I used to climb years ago and now I am getting back into it,

I was just over at treestuff.com and looking at saddles and was like, dam, nice selection but so many new saddles on the market  

So I was wondering if you'all could give me any reviews etc on what saddles you use?

I was thinking about buying this one...

http://www.treestuff.com/store/catalog.asp?category_id=141&item=178

Whats your thoughts on that saddle and also do you have any that you recommend?

Thanks in advance,

~Joseph


----------



## RacerX (May 10, 2010)

I've been climbing on a Weaver Cougar for about 6 months and like it. The leg straps took a little getting used to since I had been climbing for years on a butt strap type saddle. I particularly like the added mobility provided by the leg straps and the rope bridge which allows for lateral movement of the attachment point on the saddle. This is a noticeable asset when limb walking. Can't complain about the price either, I paid $200 in December. There are other similar saddles (Sequoia, treeMOTION, Ergovation, Glide Lite) that may be more ergonomic and refined in their adjustments and design, but you'll pay a higher price.







http://www.wesspur.com/Saddles/weaver-saddles-harnesses.html

http://www.sherrilltree.com/Profess...ing-saddles-harness/Cougar-Rope-Bridge-Saddle


----------



## Treemargo (May 10, 2010)

Thanks for the link, That saddle does look really nice, I just might pick that up.

It looks sweet for sure, and actually even less expensive then the one I was looking at, even though price wasn't really a factor.


----------



## D Mc (May 10, 2010)

Find a store that has several different saddles you can try on. What looks good in a picture may not be as comfortable as you think. Best to try before you buy.

Dave


----------



## 2FatGuys (May 10, 2010)

:


D Mc said:


> Find a store that has several different saddles you can try on. What looks good in a picture may not be as comfortable as you think. Best to try before you buy.



:agree2: The one I settled on is similar to what you originally posted, but it is the "deluxe" version. For a few bucks more, you get wider back, more breathable padding, and much better leg strap latches.

http://www.treestuff.com/store/catalog.asp?category_id=11&item=180


----------



## squad143 (May 10, 2010)

Treemargo,

What saddle you choose can depend on what type of work you will be doing. If your hanging off your line for most of your time, you'll want a seat style saddle. Moving around alot, leg loops. Finding yourself twisting and moving about, perhaps a floating bridge. Have a lot of gear hanging off your saddle, you may want one that you can attach harness/suspenders or such.

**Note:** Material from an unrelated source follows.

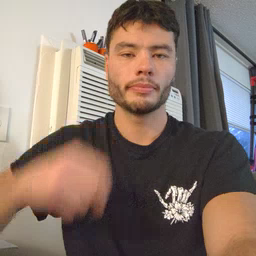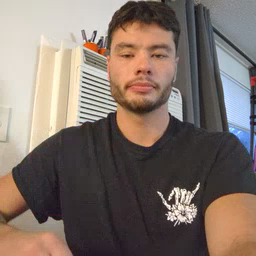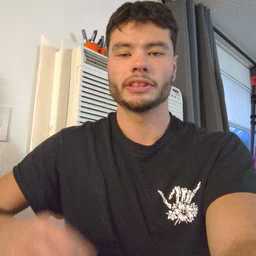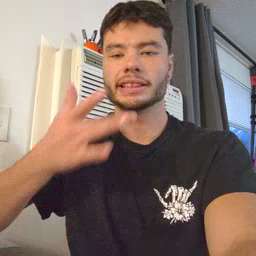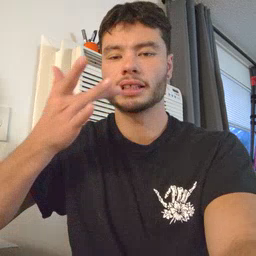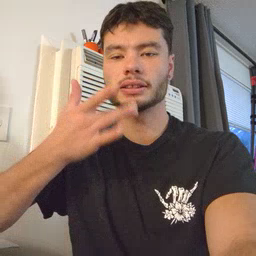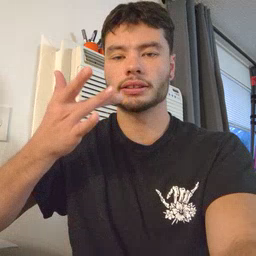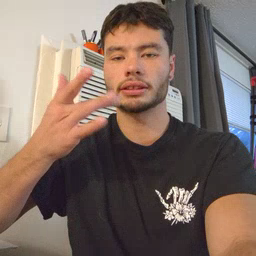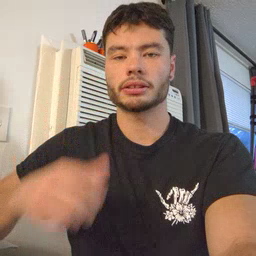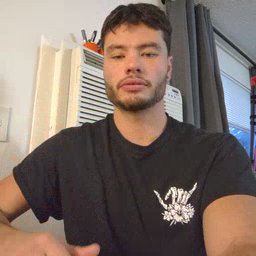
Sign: taste

D Mc gives great advice. If you can get to a store, try a bunch on. Most proper arborists stores will have a rope attached to the ceiling so you can try hanging in the saddles for a while. (definitely worth it).

I have the same saddle you were looking at and am quite happy with it. I spend most (if not all) of my time in spurs doing removals and find that it suits my needs. I agree with 2fatguys, and if choosing this saddle, go for the "deluxe" version. It is easier to remove with the click style leg buckles and extra back padding is always worth it.


----------



## Damon (May 10, 2010)

I climb on a petzl navaho and have the top croll for it i like having shoulder straps because i carry alot of weight in gear between pulleys biners saws etc and it seems less like my pants are gonna get ripped off when im standing on the ground or a branch with no weight on the line : P it has happened with other saddles ive used and is not pretty to moon a HO i like the croll though i dont use it nearly as much as i thought i would but for long ascents its invaluble, as others have said the best saddle is the one that fits you your climbing style i recommend buying the best saddle your budget can allow because when you have to sit in it day in and day out comfort is king


----------



## oldirty (May 10, 2010)

hey damon. you on the sit ? do you like having just that central attachment point? that whole setup if you got the suspender package does look comfy but i like more than one attachment point for the climbline.

i got the navaho miniboss over a year ago. that thing is the best saddle going in my opinion. gladly paid the 400+ that tree stuff wanted for it. i like that saddle so much i even bought treestuff's last remaining for 250! i can't believe petzl quit on that saddle in particular but the petzl swing does look like a respectable replacement. i thought about getting it but i wasn't too happy about spending the 4 hundy for another. that is till i saw the treestuff discount!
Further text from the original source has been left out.